The term ‘shorting’ in trading comes from ‘short selling’, which refers to the strategy where a trader borrows an asset and immediately sells it with the aim of profiting from an expected decline in its price.
The short seller covers the position by buying the asset back sometime later, and if it is at a lower price than what they initially sold it for, they pocket the difference. In essence, short sellers are betting that the value of the asset will fall, enabling them to repurchase it at a lower price later on.
Shorting can also be done via derivative contracts, such as futures and options. Derivative contracts allow the trader to gain exposure to the price movement of an underlying asset (e.g., Bitcoin) without having to actually own it.

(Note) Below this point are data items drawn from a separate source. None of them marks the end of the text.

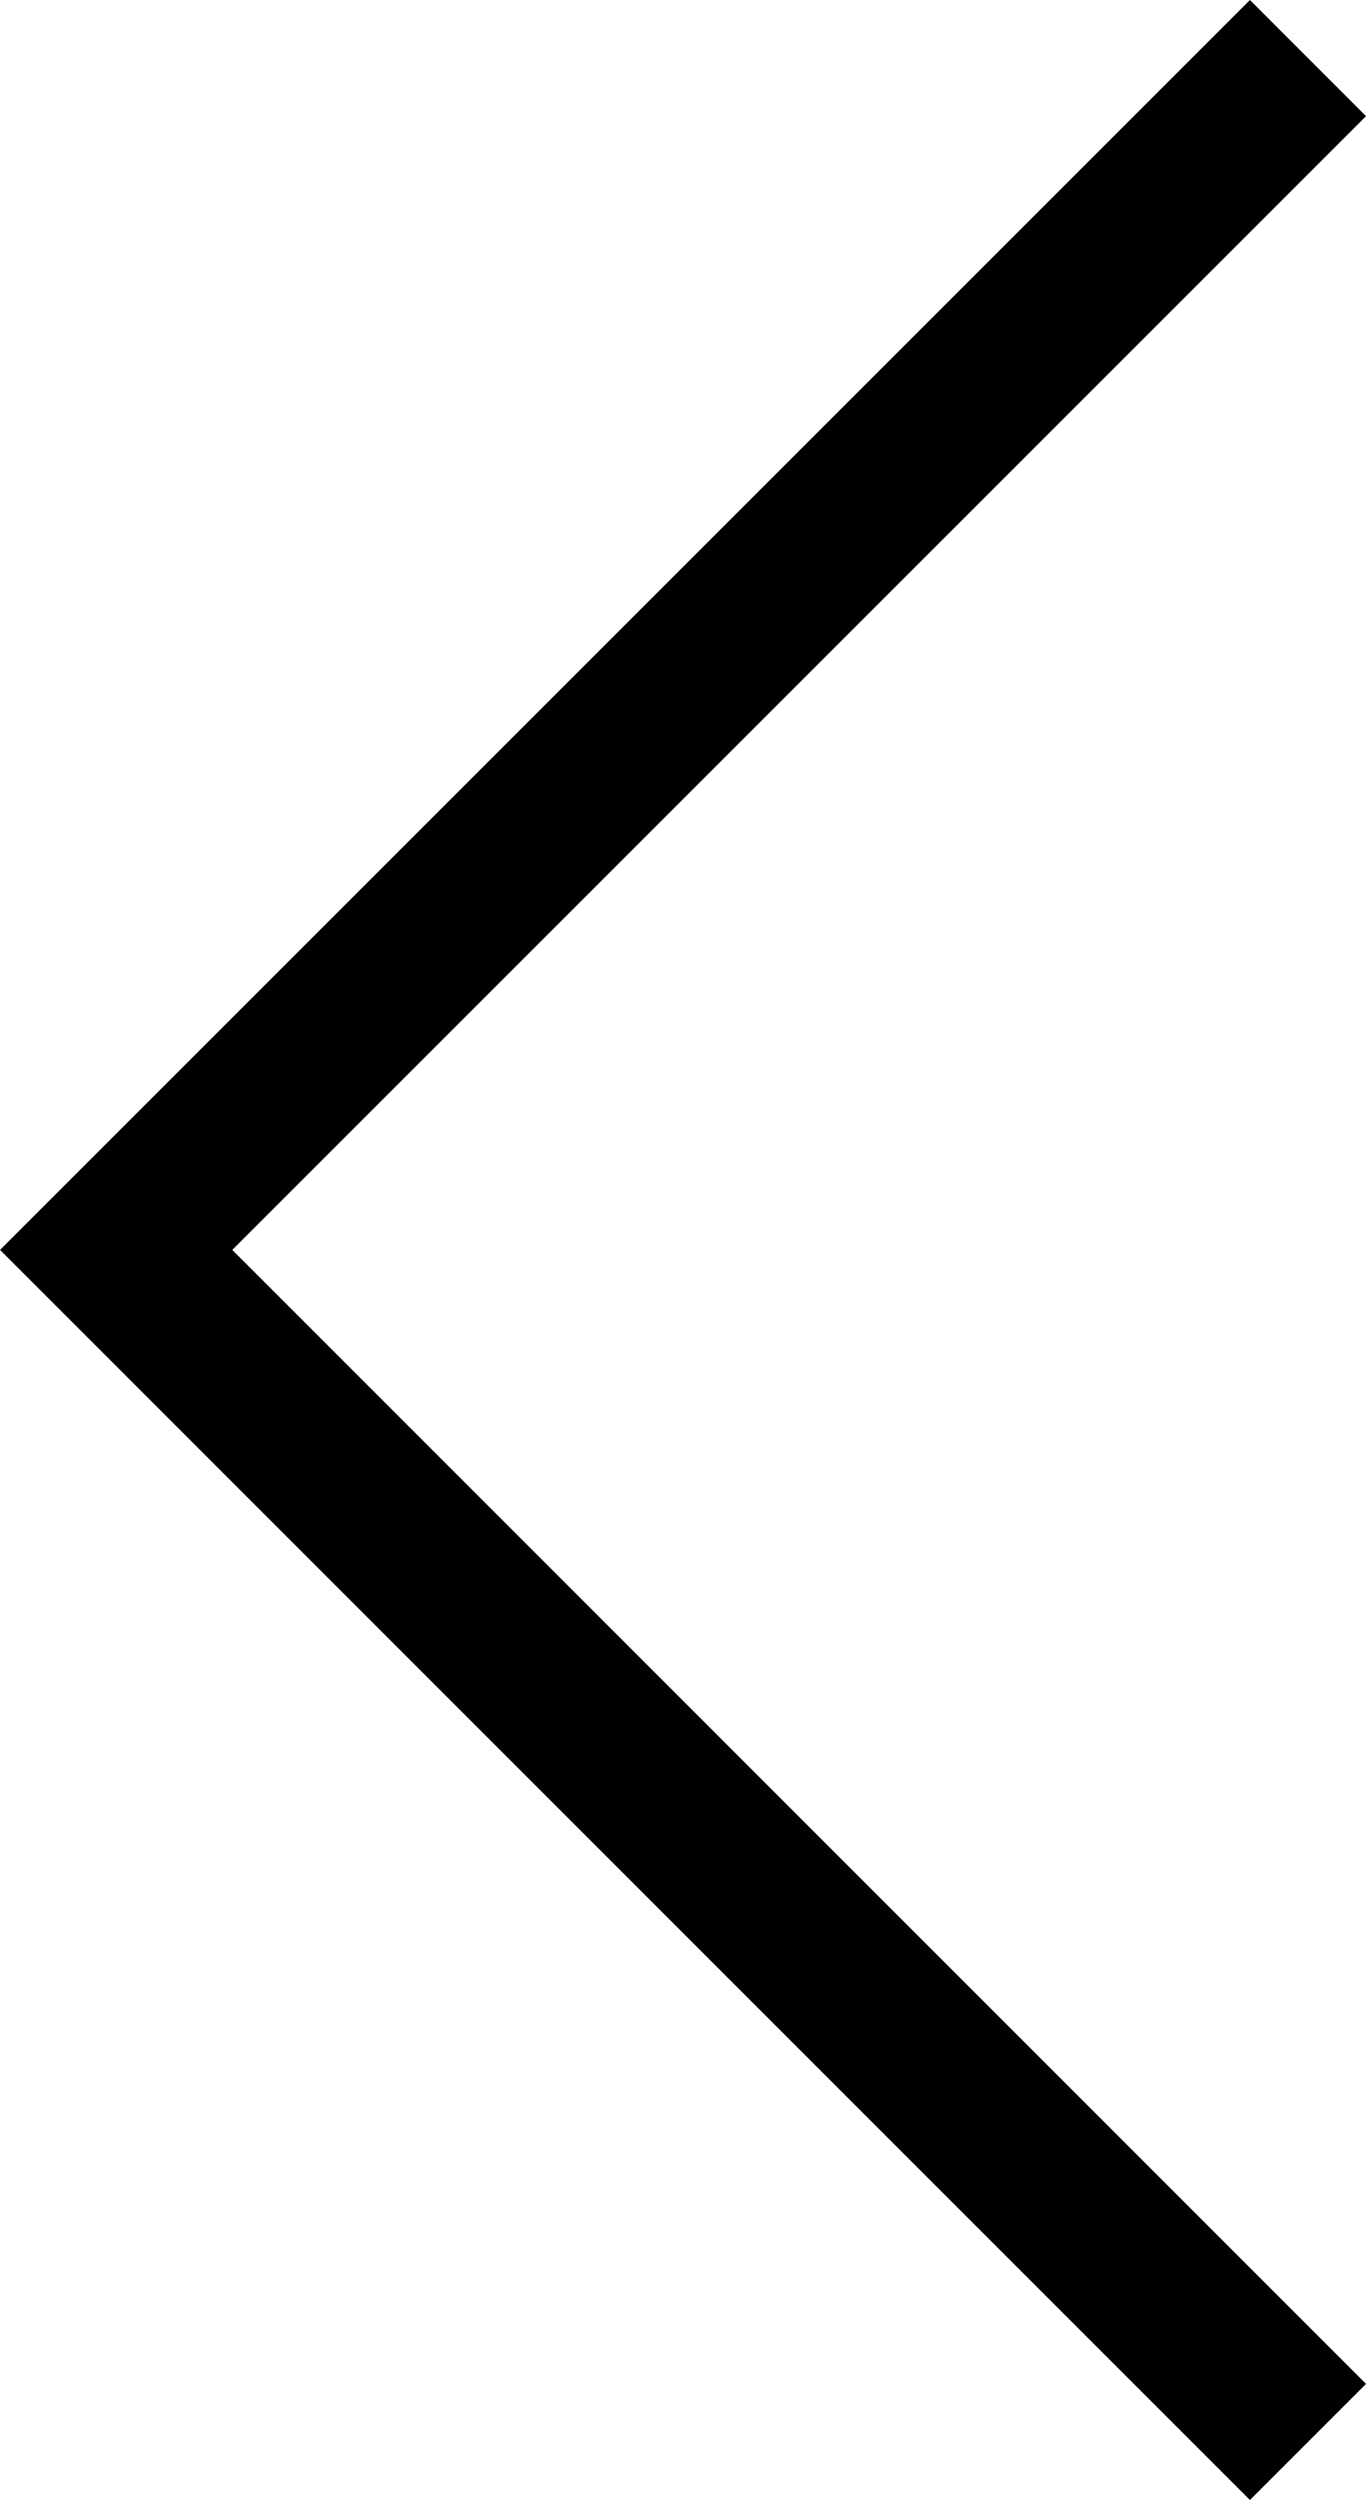 <svg xmlns="http://www.w3.org/2000/svg" width="24.956" height="45.669" viewBox="0 0 24.956 45.669">
  <g id="FLECHE" transform="translate(23.896 1.061) rotate(90)">
    <path id="Tracé_3027" data-name="Tracé 3027" d="M43.548,0,21.772,21.774,0,0" transform="translate(0)" fill="none" stroke="#000" stroke-width="3"/>
  </g>
</svg>
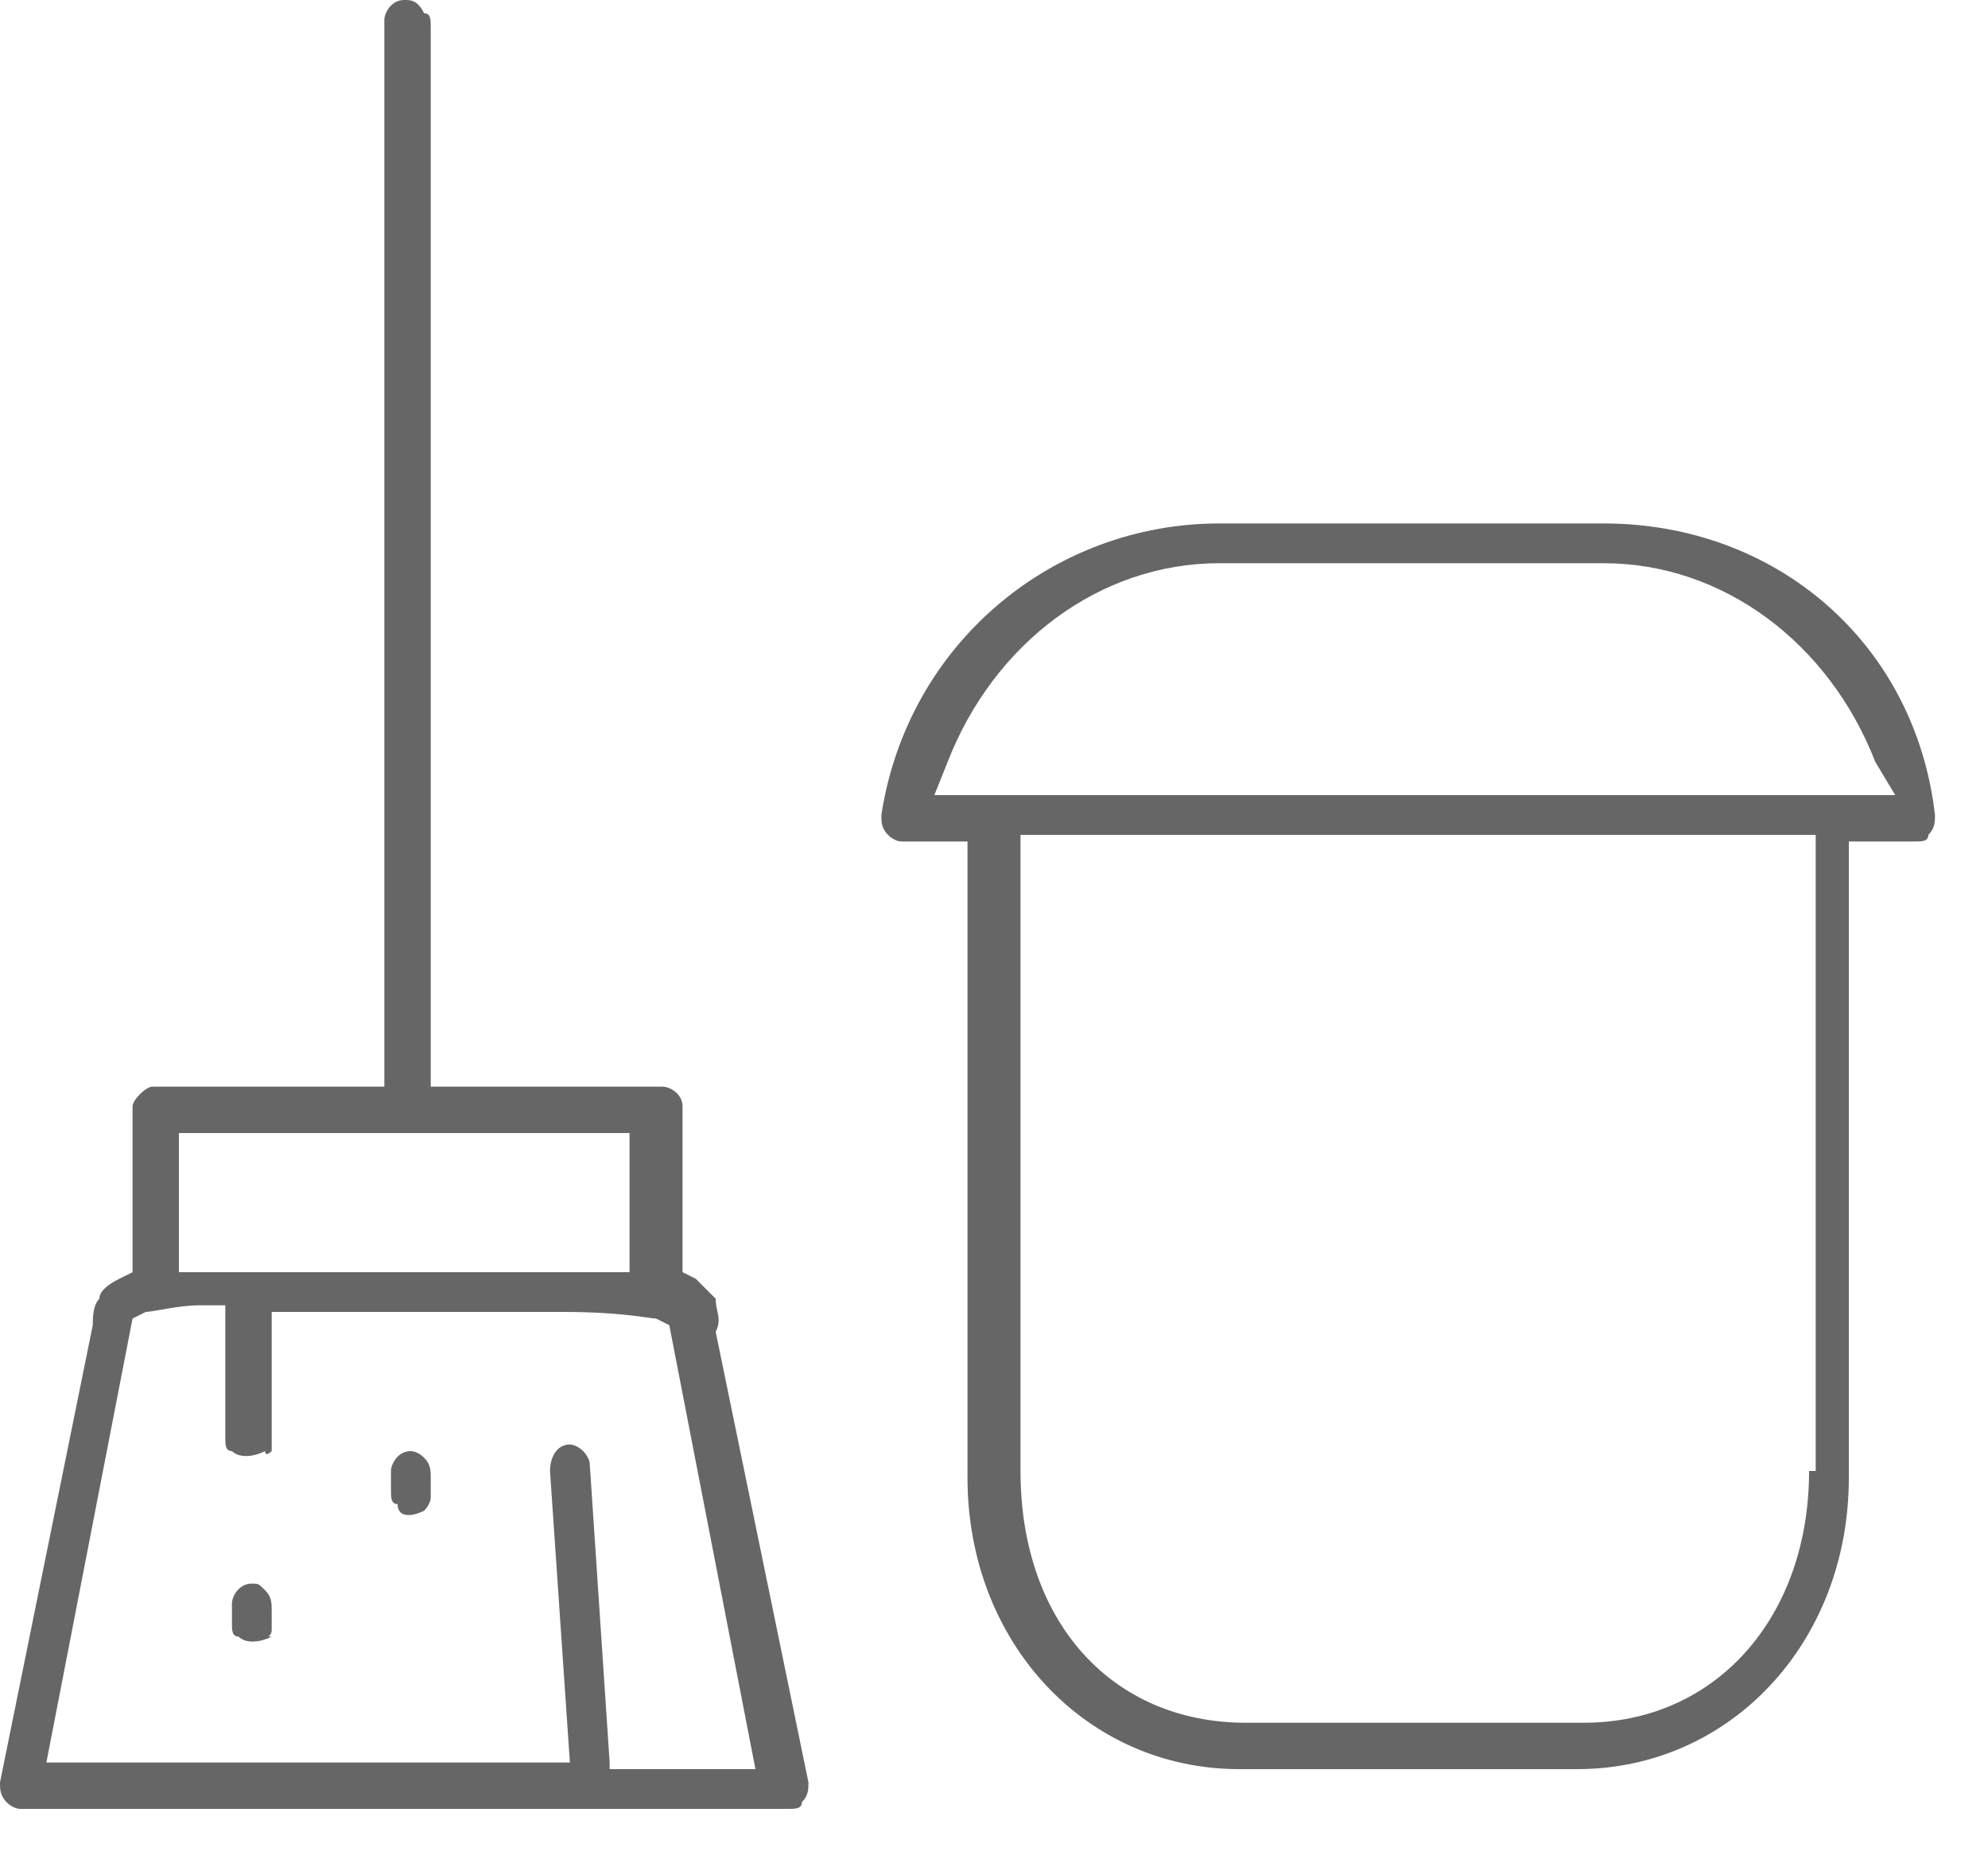 <svg width="30" height="28" viewBox="0 0 30 28" fill="none" xmlns="http://www.w3.org/2000/svg">
<path d="M0.5 0.9C0.6 0.8 0.6 0.7 0.6 0.7V0.4C0.6 0.3 0.6 0.2 0.5 0.1C0.4 3.7998e-07 0.3 0 0.3 0C0.1 0 0 0.2 0 0.3V0.6C0 0.7 -9.68575e-08 0.8 0.1 0.8C0.1 1 0.3 1 0.5 0.9Z" transform="translate(5.9 21.9)" fill="#666666"/>
<path d="M10.9 0H5.1C2.6 0 0.4 1.8 0 4.4C0 4.5 -5.73695e-07 4.6 0.1 4.7C0.2 4.8 0.3 4.8 0.3 4.8H1.3V14.4C1.3 16.9 3.1 18.8 5.4 18.8H10.5C12.8 18.8 14.6 16.9 14.6 14.4V4.8H15.6C15.7 4.8 15.8 4.8 15.8 4.7C15.9 4.6 15.9 4.5 15.9 4.4C15.6 1.8 13.5 0 10.9 0ZM14 14.3C14 16.5 12.6 18.1 10.6 18.1H5.5C3.5 18.1 2.1 16.6 2.1 14.3V4.7H14.1V14.3H14ZM15.3 4.1H0.8L1 3.6C1.7 1.8 3.3 0.6 5.1 0.6H10.9C12.7 0.6 14.3 1.8 15 3.6L15.3 4.1Z" transform="translate(13.3 7.9)" fill="#666666"/>
<path d="M0.6 0.7V0.4C0.6 0.3 0.6 0.2 0.5 0.1C0.4 3.7998e-07 0.4 0 0.3 0C0.1 0 0 0.2 0 0.3V0.6C0 0.7 -9.68575e-08 0.8 0.1 0.8C0.2 0.9 0.4 0.9 0.6 0.8C0.5 0.8 0.6 0.8 0.6 0.7Z" transform="translate(3.5 23.9)" fill="#666666"/>
<path d="M10.8 19.6C10.7 19.5 10.6 19.4 10.5 19.3L10.3 19.2V16.7C10.3 16.5 10.1 16.4 10 16.4C9.3 16.4 8.7 16.4 8 16.4H6.5V0.4C6.5 0.3 6.5 0.2 6.4 0.2C6.3 0 6.2 0 6.1 0C5.9 0 5.8 0.2 5.8 0.3V16.4H2.3C2.2 16.4 2 16.6 2 16.7V19.2L1.8 19.3C1.6 19.4 1.5 19.5 1.5 19.6C1.4 19.7 1.4 19.9 1.4 20L0 26.9C0 27 0 27.1 0.1 27.2C0.2 27.3 0.3 27.3 0.3 27.3H11.9C12 27.3 12.1 27.3 12.1 27.2C12.2 27.1 12.2 27 12.2 26.9L10.8 20.1C10.9 19.9 10.8 19.8 10.8 19.6ZM2.7 17.1H5.1C6.5 17.1 7.9 17.1 9.2 17.1H9.5V19.2H2.7V17.1ZM9.2 26.6L8.9 22.1C8.9 22 8.8 21.9 8.8 21.9C8.7 21.8 8.6 21.8 8.6 21.8C8.4 21.8 8.3 22 8.3 22.2L8.6 26.6H0.7L2 19.9L2.2 19.8C2.3 19.8 2.7 19.7 3 19.7H3.4V21.7C3.4 21.8 3.4 21.9 3.5 21.9C3.6 22 3.8 22 4 21.9C4 22 4.1 21.9 4.1 21.9V19.8H8.5C9.4 19.8 9.8 19.9 9.9 19.9L10.1 20L11.4 26.7H9.2V26.6Z" fill="#666666"/>
</svg>

How to Identify Bitcoin Trends and Potential Shorting Opportunities
Researching the market as well as Bitcoin can help inform potential opportunities for shorting. Crypto.com University features articles covering these topics and more, including market cycles, Bitcoin halving, how to DYOR, and what influences cryptocurrency prices:
What Influences the Price of Crypto?
Four Phases of the Crypto Market Cycle
What Is a Crypto Greed and Fear Index?
What Is Bitcoin Halving and How Does It Affect BTC Price?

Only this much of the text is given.